В третьем классе средней школы я по уши влюбился в Кору Сьюард, которая, увы, жила ближе к дому Макса, чем к моему. Макс видел ее часто и относился к ней довольно небрежно. Для меня это автоматически означало, что он в нее не влюблен. Макс вообще никого не любил по-настоящему. У него на уме был только секс, и этот, скажем так, «недостаток» определял его жизнь. Все мои друзья и в школе, и вне ее знали, что я схожу с ума по Коре, и очень меня жалели. Что за ирония! Как будто высший дар — это не любить! Вообще-то все мои друзья сами были «влюблены», если это можно так назвать: у всех имелись подружки, с которыми они гуляли и ходили на вечеринки, но при этом большинство моих приятелей еще оставались девственниками. Тем не менее они видели своих девчонок регулярно, я же встречался с Корой редко — только на вечеринках. Потанцевать с ней было великим наслаждением, я весь дрожал, обнимая ее. На этих вечеринках мы невинно играли в «Поцелуй с подушкой» и «Почту» и умудрялись славно проводить время, не напиваясь. Бутылка пунша — и вот мы уже думать забыли о спиртном.

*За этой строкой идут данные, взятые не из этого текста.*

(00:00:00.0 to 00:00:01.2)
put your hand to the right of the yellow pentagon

Скоро я привык ужинать второпях, практически на ходу, выбегая из дому. Мой вечерний маршрут был неизменен— долгий, долгий путь к дому Коры на Девоуи-стрит и обратно. Я никогда не останавливался, чтобы позвонить в ее дверь и поболтать с ней, а просто брел мимо, жадно глядя на окно в надежде увидеть ее силуэт, чего, впрочем, так ни разу и не случилось за три или четыре года моих неустанных скитаний в округе. Все это естественным образом сошло на нет, когда я познакомился с вдовой и начал трахаться с ней. Не то чтобы я разлюбил Кору. О нет! Я думал о ней, даже раздвигая вдовушке ноги, мои мысли всегда были заняты ею. Видимо, именно это и называют первой любовью — страшная глупость, по мнению многих. Как удручающе равнодушны люди к настоящей любви и как они завидуют ей! Я всегда говорил и говорю сейчас — не исключено, что именно о Коре я подумаю в последний момент перед смертью. Я могу умереть с ее именем на устах. (С другой стороны, если она все еще жива и я однажды наткнусь на нее на улице, — вот будет незадача!)

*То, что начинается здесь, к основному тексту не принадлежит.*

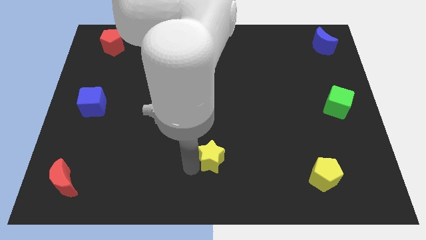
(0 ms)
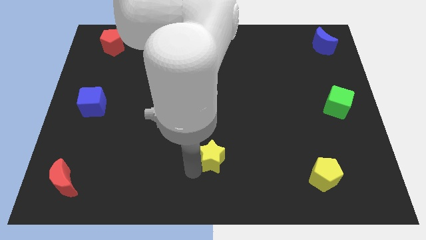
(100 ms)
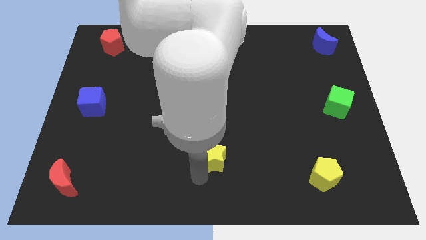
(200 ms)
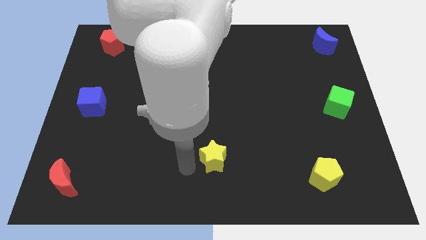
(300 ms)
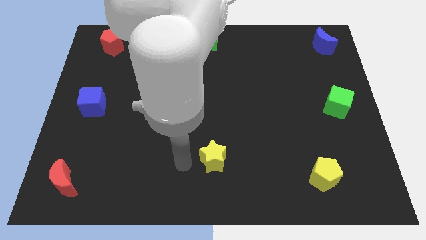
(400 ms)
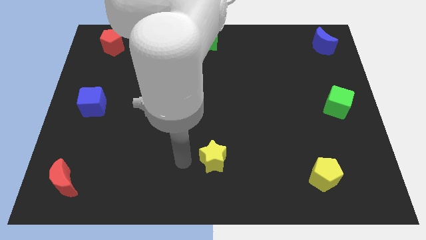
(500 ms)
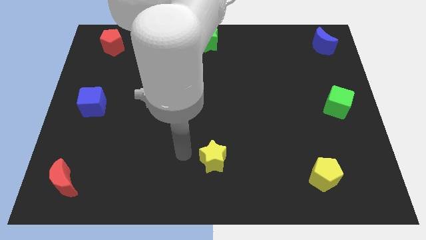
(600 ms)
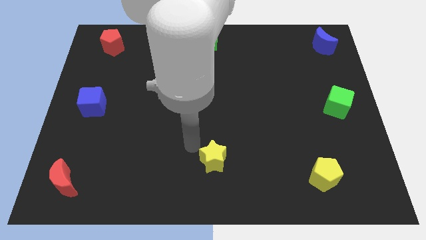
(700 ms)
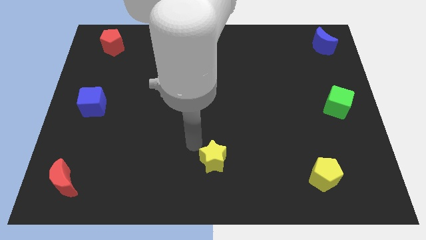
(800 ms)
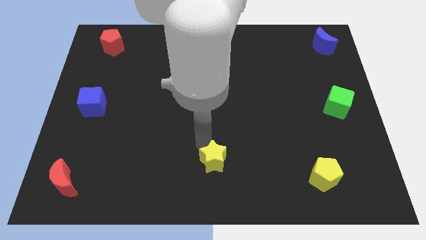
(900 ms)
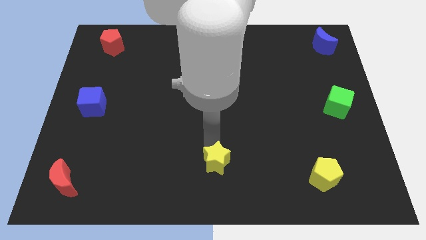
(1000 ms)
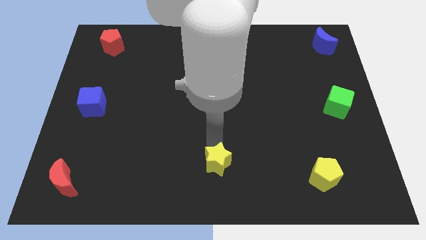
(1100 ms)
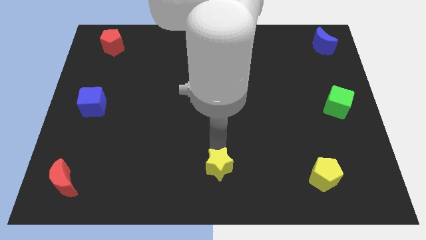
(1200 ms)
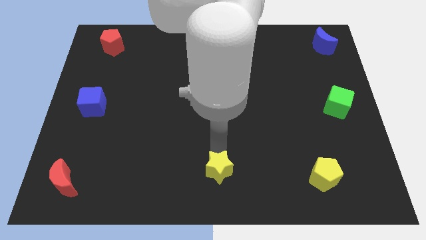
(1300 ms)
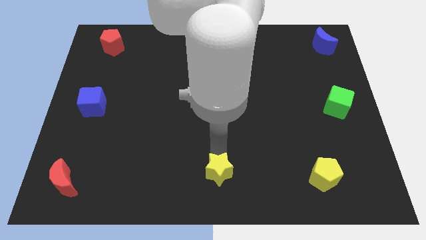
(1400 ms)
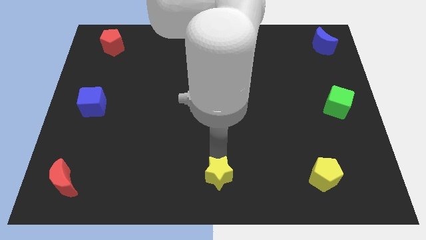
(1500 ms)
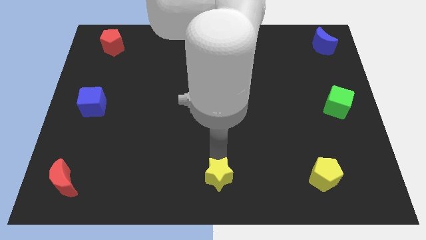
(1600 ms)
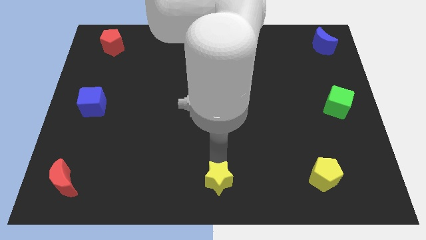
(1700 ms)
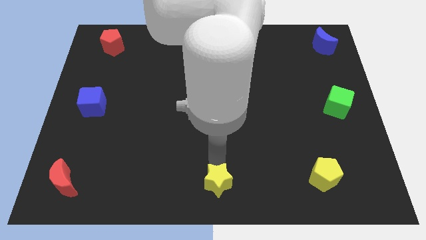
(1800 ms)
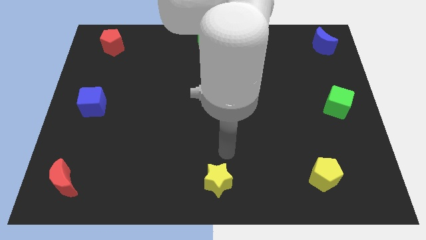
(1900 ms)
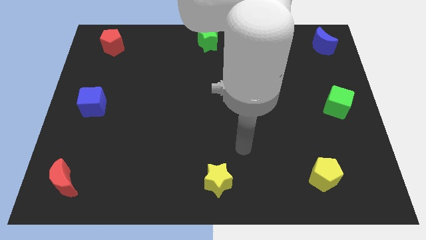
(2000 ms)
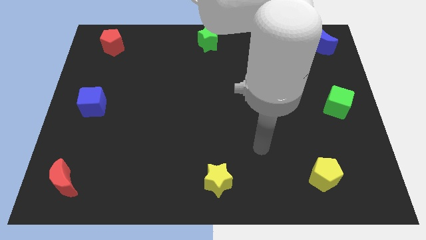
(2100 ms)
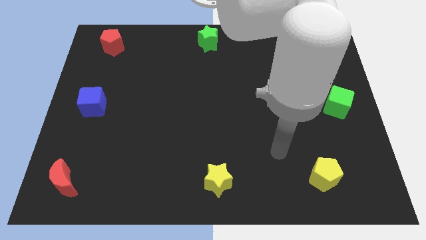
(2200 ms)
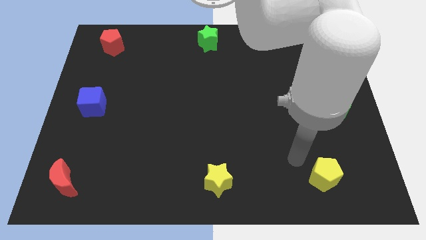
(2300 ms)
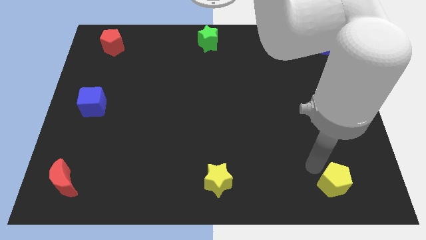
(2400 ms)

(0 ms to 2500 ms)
move the yellow star to the bottom center of the board

У Макса появилась новая обязанность — держать меня в курсе того, что делает Кора. Кажется, его жена даже стала ее подругой, хотя мне сложно вообразить, что между ними могло быть общего. Разумеется, Макс расценивал мою любовь как заболевание. Он считал меня неизлечимым романтиком. Я уже говорил, что его интересовала только койка, так что неудивительно, что в конце концов он стал гинекологом. Хотя, если уж быть до конца откровенным, мой приятель вскоре решил, что это незавидная работенка. Он то и дело доверительно сообщал мне:
— Нет ничего более мерзкого, чем копаться у них там целыми днями.
И все же никакие эмоции не мешали ему иметь все, что движется, хотя он и подумывал для удобства переквалифицироваться все же в психолога или психиатра. Макс заявлял, что все женские недомогания лечатся легко — пациентке требуется изрядная порция качественного секса. С течением времени он завел себе несколько довольно известных девиц из театрального мира и снабжал меня подробностями их личной жизни и строения их влагалища. Отыметь их не составляло проблем, и они вроде даже были благодарны ему за его старания. Однако, несмотря на всю свою ловкость и смекалку, Макс то и дело попадал в неприятности, из которых, впрочем, с блеском выпутывался. По-моему, любопытное наблюдение: то, что тогда считалось аморальным, сейчас действительно отстаивается некоторыми аналитиками как лучшая терапия. И даже если терапию отбросить в сторону, понятно, что женщина, которую регулярно и со знанием дела трахают, — счастливое создание. Если женщина по пути на работу мурлычет или даже напевает что-то себе под нос, велика вероятность, что она хорошо покувыркалась ночью.
Когда Максу было двадцать один, он свалился с тяжелой пневмонией и мог бы даже умереть, если бы не материнская забота. Когда он уже был вне опасности, родители решили отправить его к одному родственнику на ферму для окончательного выздоровления. Я получил разрешение от отца, у которого я тогда работал, провести неделю или дней десять с Максом. Я уже рассказывал об этой поездке в «плексусе» и поэтому повторяться не буду. Суть в том, что, как ни трудно в это поверить, два взрослых человека вроде нас могут вести себя как сущие дети. Я на редкость здорово проводил время в ту неделю на ферме, затерянной где-то в Нью-Джерси. Даже там, никого не зная, мой приятель быстро раздобыл себе девчонку, с которой встречался под мостом, где использовал ее по полной.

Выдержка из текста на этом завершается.